Pure form of MDMA, or ecstasy, is often sold as molly. MDMA causes the brain to release a surge of Serotonin leaving it depleted of this important chemical. Side effects can include confusion, depression, sleep problems, drug craving and anxiety lasting for days or even weeks.

It is normally never sold in a pure form. Often drugs are passed off as Molly and may be a mixture of cocaine, crack, ecstasy, meth or bath salt. The long and short-term effects of this drug in any mixture can be serious if not deadly.   


Acetaminophen, or Tylenol, is a pain medicine. Acetaminophen overdose is one of the most common poisonings worldwide. People often think that this medicine is very safe. However, it may be deadly if taken in large doses. Without rapid treatment, a very large overdose of acetaminophen can lead to liver failure and a very painful death within a few days.
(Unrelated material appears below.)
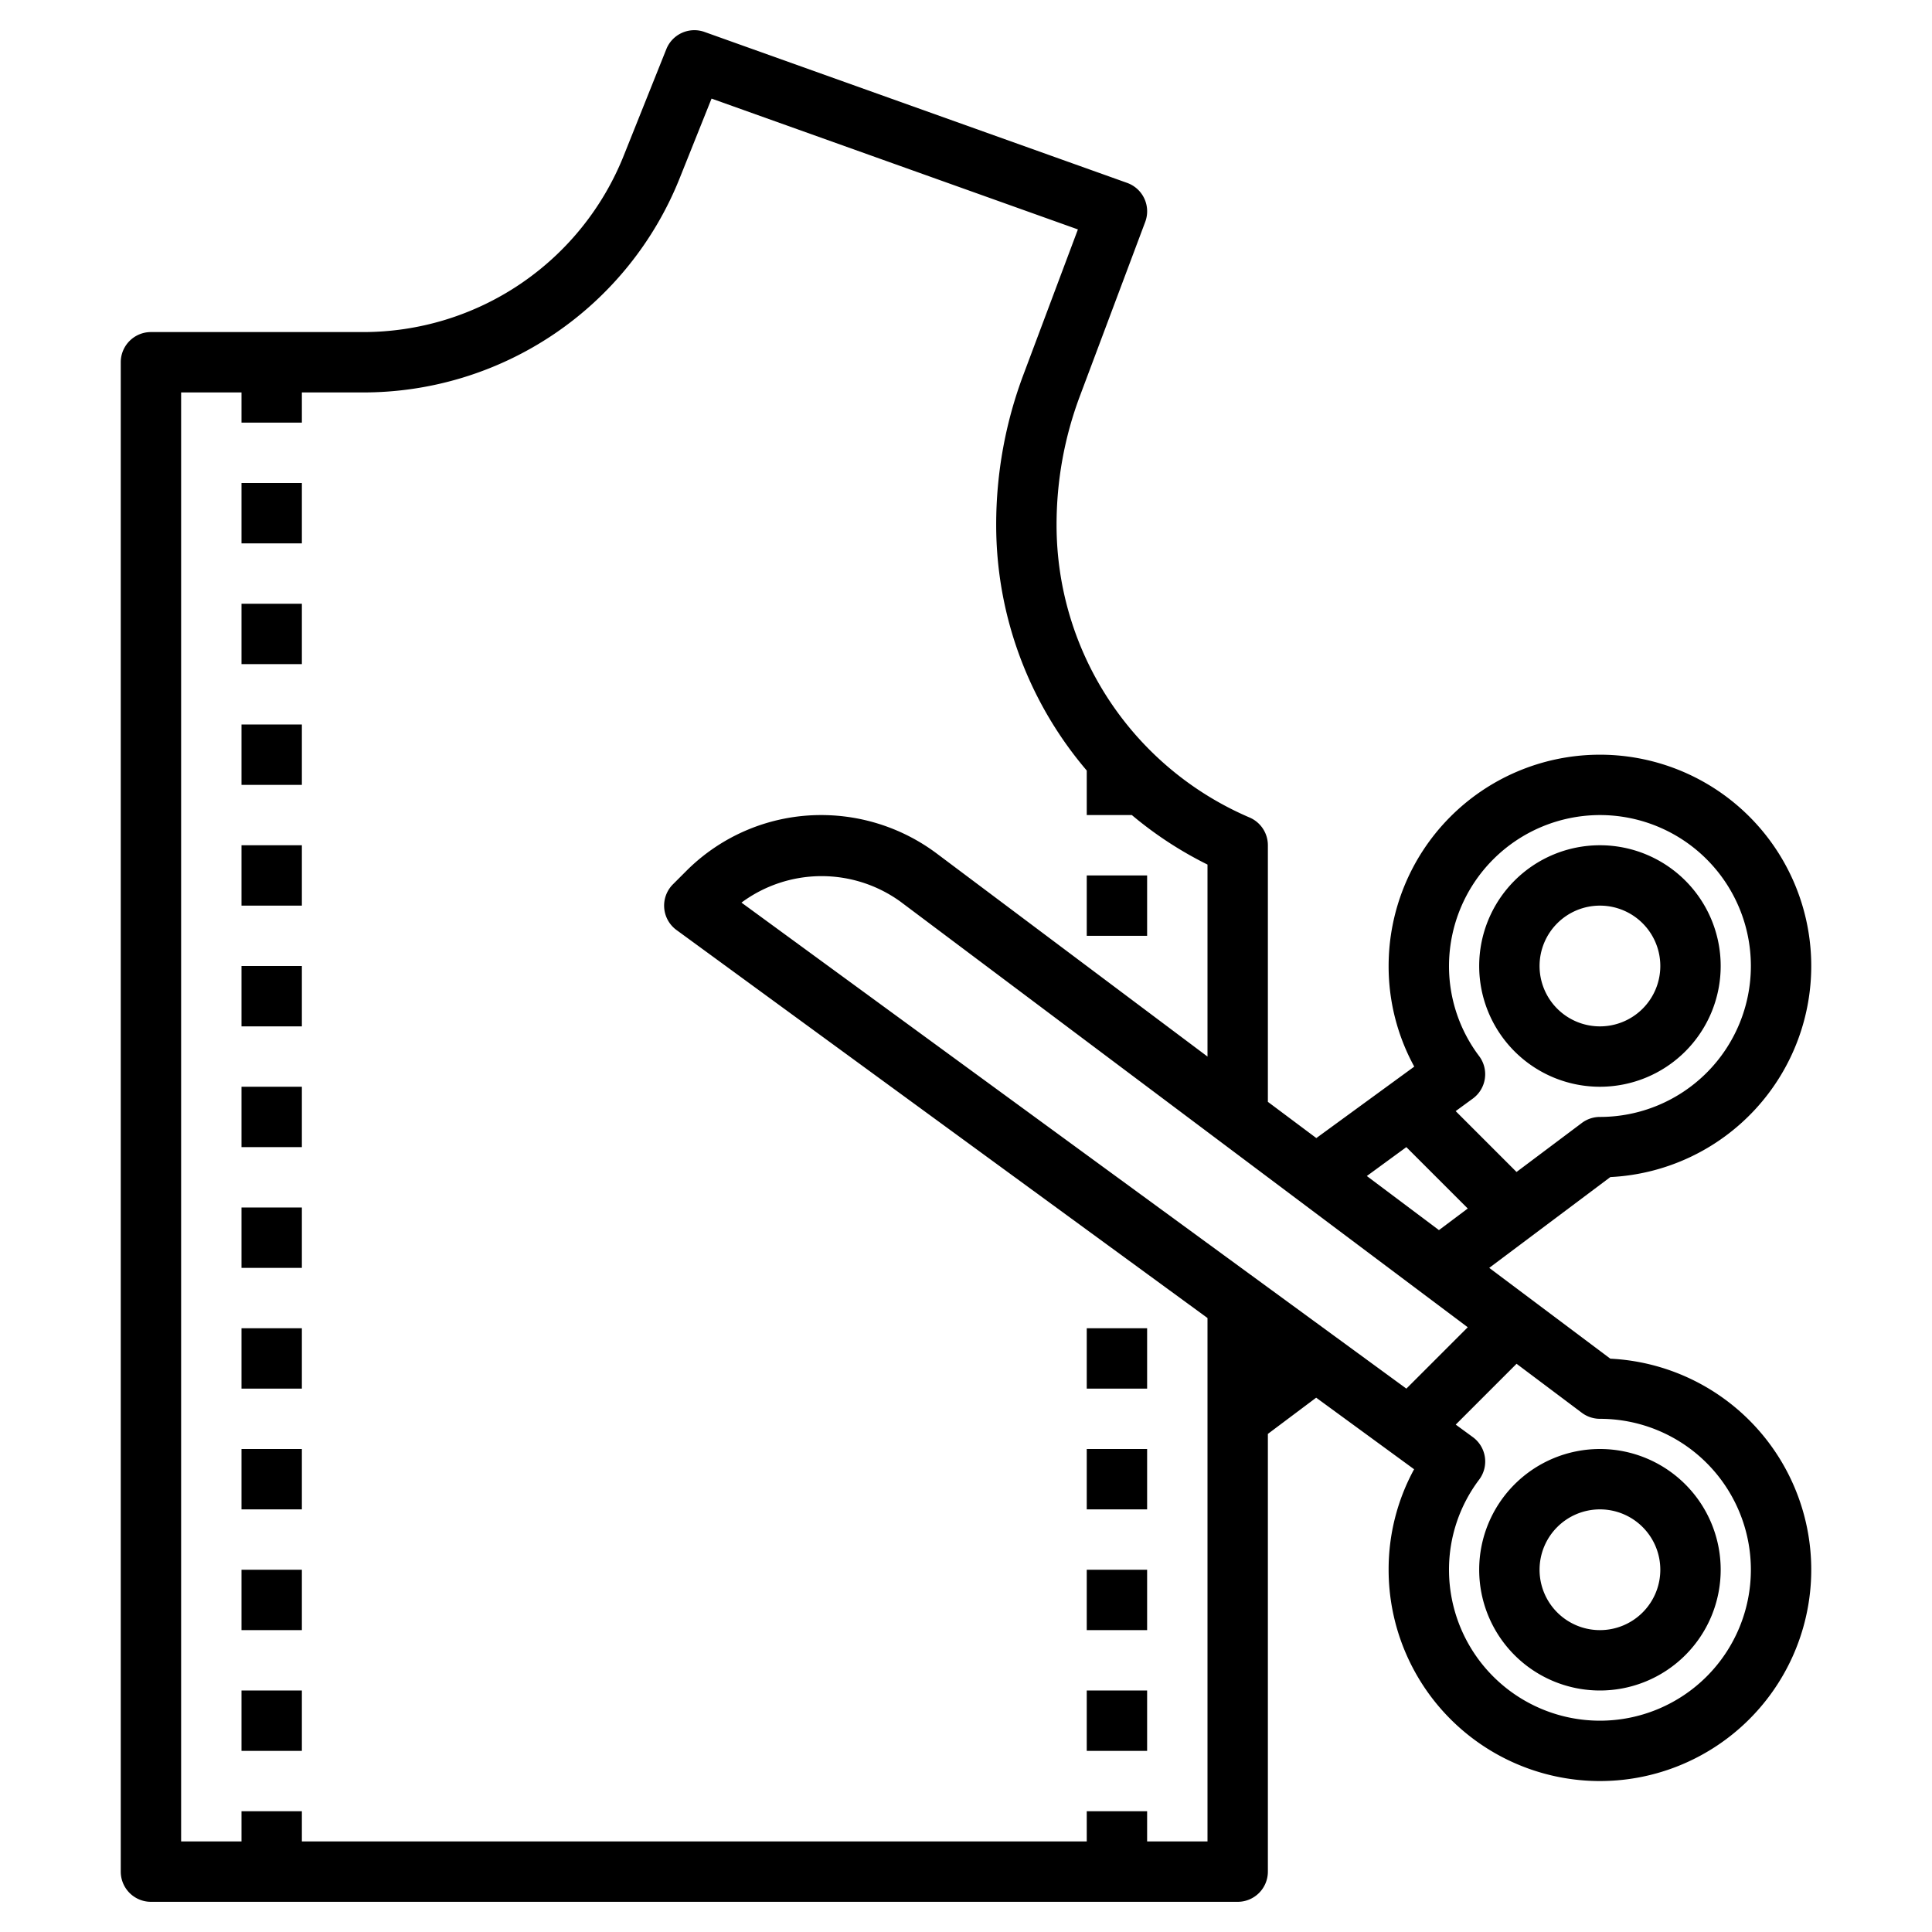 <svg xmlns="http://www.w3.org/2000/svg" width="512" viewBox="0 0 64 64" height="512"><g data-name="Layer 32" id="Layer_32"><path d="m37.937 7.351a1 1 0 0 0 -.6-1.293l-14-5a1 1 0 0 0 -1.264.57l-1.4 3.5a9.293 9.293 0 0 1 -8.673 5.872h-7a1 1 0 0 0 -1 1v50a1 1 0 0 0 1 1h36a1 1 0 0 0 1-1v-14.5l1.6-1.2 3.244 2.371a6.916 6.916 0 0 0 -.844 3.329 7 7 0 1 0 7.344-6.992l-4.011-3.008 4.012-3.008a7 7 0 1 0 -7.345-6.992 6.916 6.916 0 0 0 .849 3.333l-3.244 2.367-1.605-1.2v-8.5a1 1 0 0 0 -.606-.919 10.538 10.538 0 0 1 -6.394-9.697 12.114 12.114 0 0 1 .773-4.265zm-13.375 22.549a4.458 4.458 0 0 1 5.265-.033l18.794 14.1-2.033 2.033zm28.438 17.1a5 5 0 1 1 -5 5 4.947 4.947 0 0 1 1-2.987 1 1 0 0 0 -.211-1.407l-.566-.414 2.015-2.015 2.162 1.623a1 1 0 0 0 .6.2zm0-20a5 5 0 0 1 0 10 1 1 0 0 0 -.6.2l-2.163 1.623-2.016-2.016.567-.414a1 1 0 0 0 .212-1.406 4.947 4.947 0 0 1 -1-2.987 5.006 5.006 0 0 1 5-5zm-6.413 11 2.034 2.034-.954.715-2.389-1.792zm-12.687-25.583a14.114 14.114 0 0 0 -.9 4.967 12.536 12.536 0 0 0 3 8.141v1.475h1.494a12.561 12.561 0 0 0 2.506 1.64v6.36l-8.973-6.729a6.385 6.385 0 0 0 -3.811-1.271 6.309 6.309 0 0 0 -4.49 1.86l-.433.433a1 1 0 0 0 .117 1.515l17.59 12.853v17.339h-2v-1h-2v1h-26v-1h-2v1h-2v-48h2v1h2v-1h2a11.284 11.284 0 0 0 10.527-7.126l1.044-2.608 12.136 4.334z"></path><path d="m49 52a4 4 0 1 0 4-4 4 4 0 0 0 -4 4zm4-2a2 2 0 1 1 -2 2 2 2 0 0 1 2-2z"></path><path d="m53 36a4 4 0 1 0 -4-4 4 4 0 0 0 4 4zm0-6a2 2 0 1 1 -2 2 2 2 0 0 1 2-2z"></path><path d="m36 29h2v2h-2z"></path><path d="m36 44h2v2h-2z"></path><path d="m36 48h2v2h-2z"></path><path d="m36 52h2v2h-2z"></path><path d="m36 56h2v2h-2z"></path><path d="m8 44h2v2h-2z"></path><path d="m8 40h2v2h-2z"></path><path d="m8 28h2v2h-2z"></path><path d="m8 32h2v2h-2z"></path><path d="m8 52h2v2h-2z"></path><path d="m8 56h2v2h-2z"></path><path d="m8 36h2v2h-2z"></path><path d="m8 16h2v2h-2z"></path><path d="m8 48h2v2h-2z"></path><path d="m8 24h2v2h-2z"></path><path d="m8 20h2v2h-2z"></path></g></svg>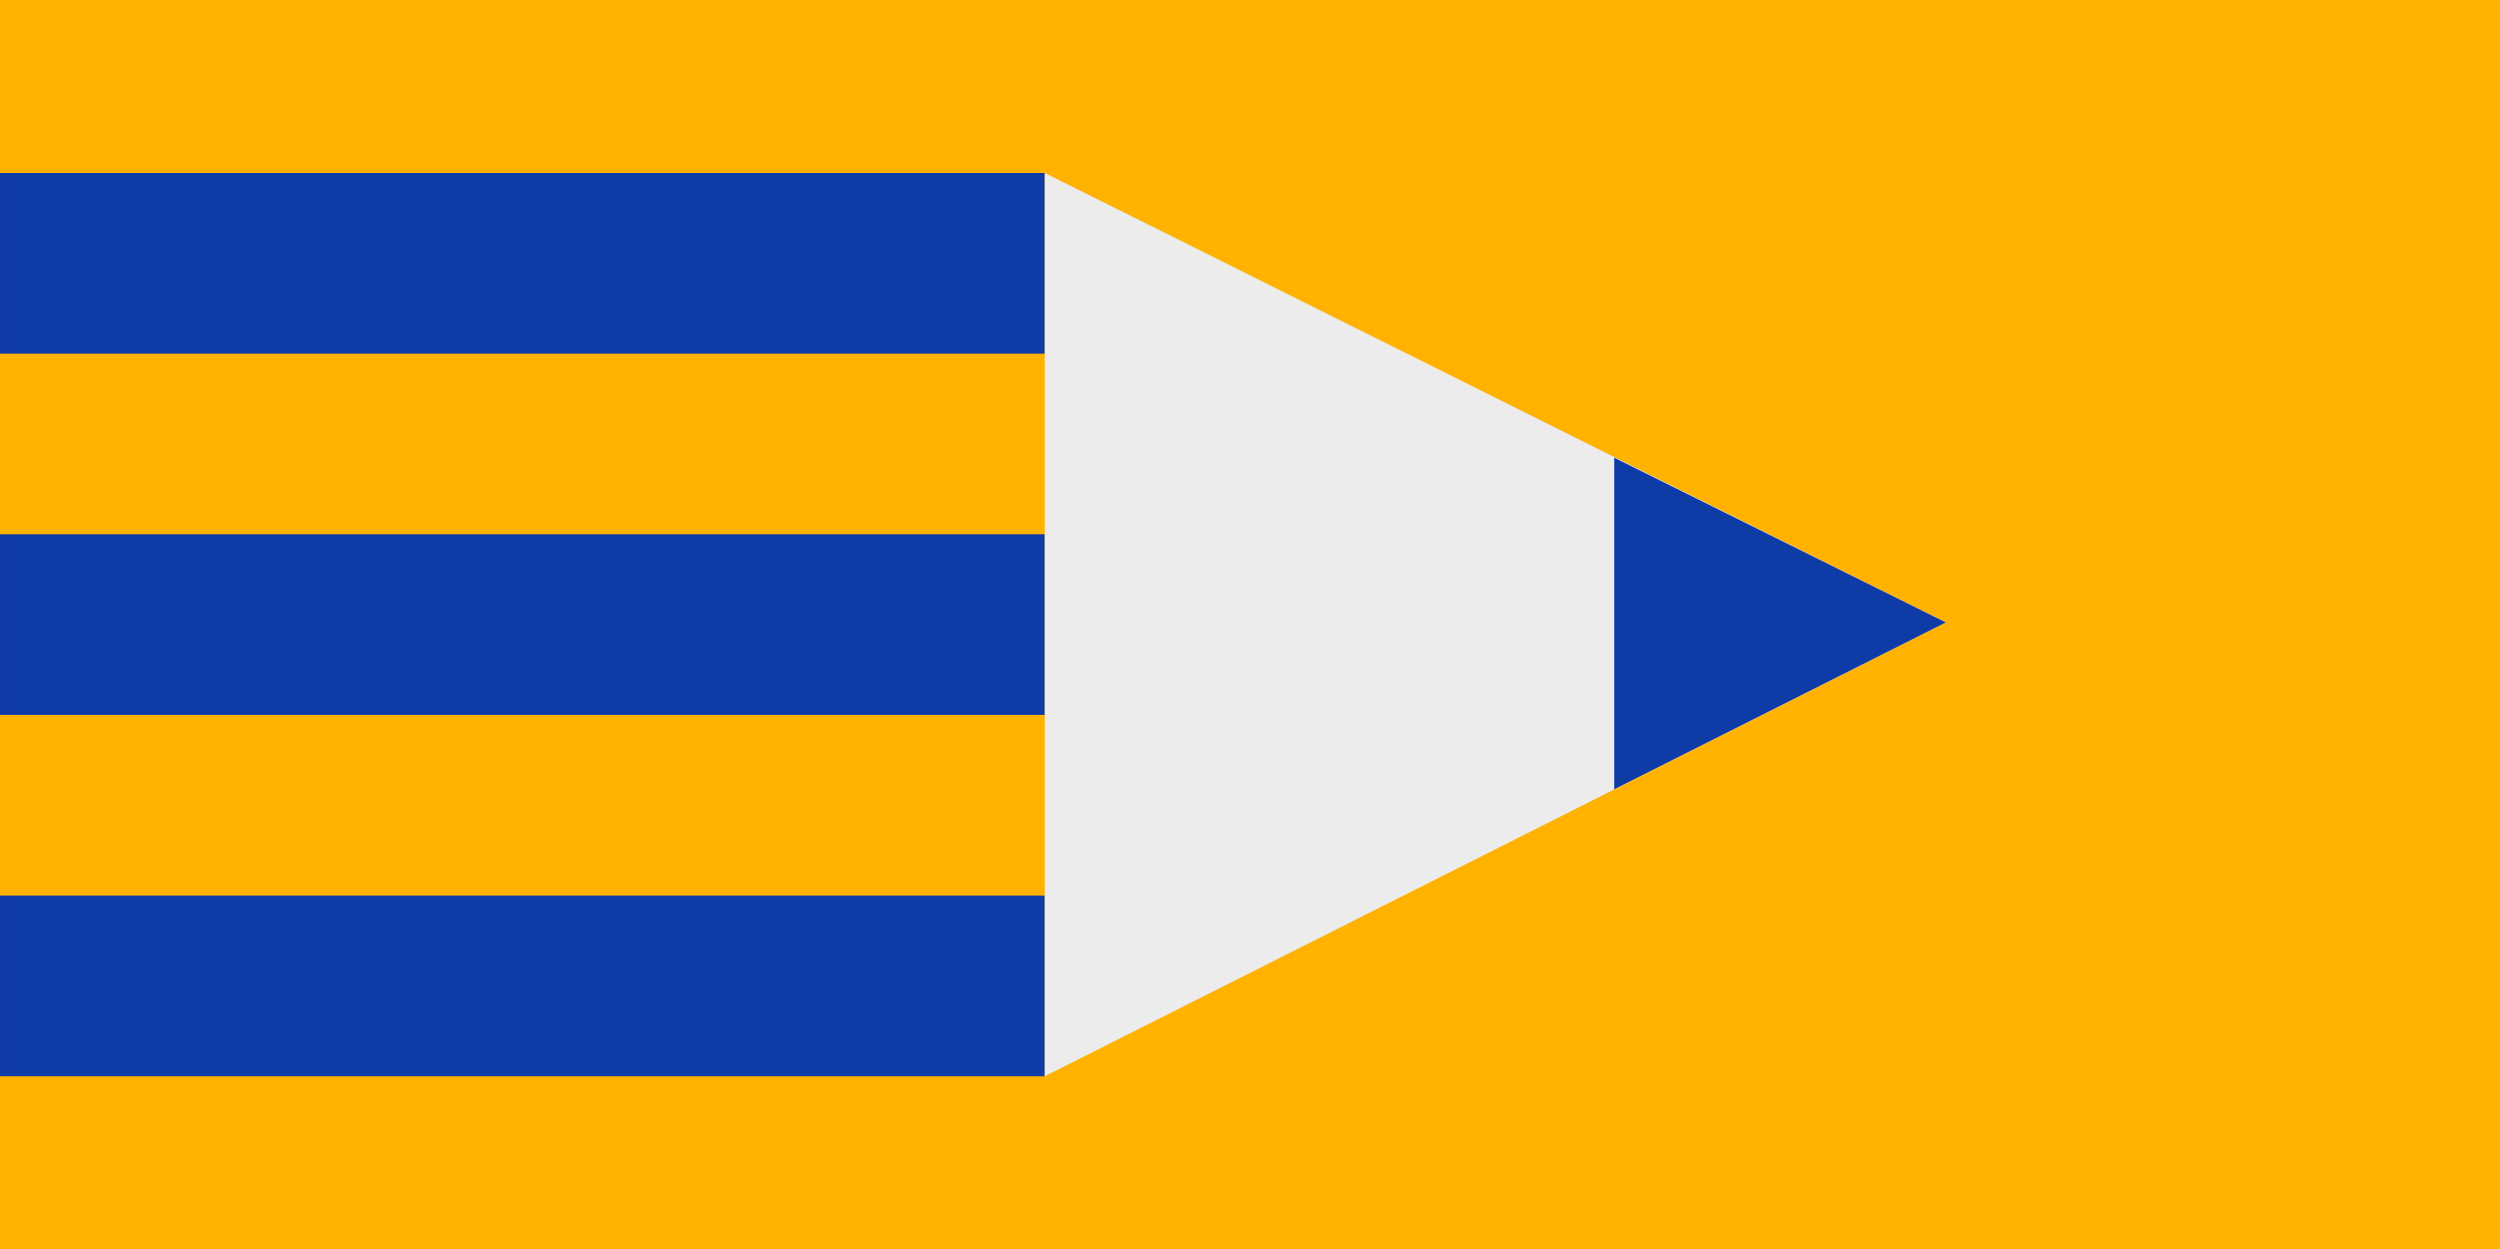 <?xml version="1.0" encoding="UTF-8"?><svg id="a" xmlns="http://www.w3.org/2000/svg" viewBox="0 0 960.55 479.98"><defs><style>.b{fill:#ececec;}.c{fill:#ffb200;}.d{fill:#0f3ba7;}</style></defs><rect class="c" y="0" width="960.55" height="479.98"/><rect class="d" x="0" y="66.46" width="401.4" height="69.41" transform="translate(401.41 202.34) rotate(180)"/><rect class="d" x="0" y="344.11" width="401.4" height="69.41" transform="translate(401.41 757.63) rotate(180)"/><rect class="d" x="0" y="205.29" width="401.4" height="69.41" transform="translate(401.41 479.98) rotate(180)"/><polygon class="b" points="747.61 239.15 401.42 413.52 401.42 66.46 747.61 239.15"/><polygon class="d" points="620.21 303.26 747.61 239.15 620.21 175.86 620.21 303.26"/></svg>

Benzodiazepines — common types include Xanax, Valium, Ativan, Versed

 Overdose death as a result of taking an excessive dose of benzodiazepines alone is uncommon but does occasionally happen. However, it is very common  that combinations of high doses of barbiturates, opioids  or tricyclic antidepressants are particularly dangerous, and may lead to severe complications such as coma or death. The most common symptoms of overdose include central nervous system (CNS) depression and intoxication with impaired balance, slurred speech. Severe symptoms include coma and respiratory depression.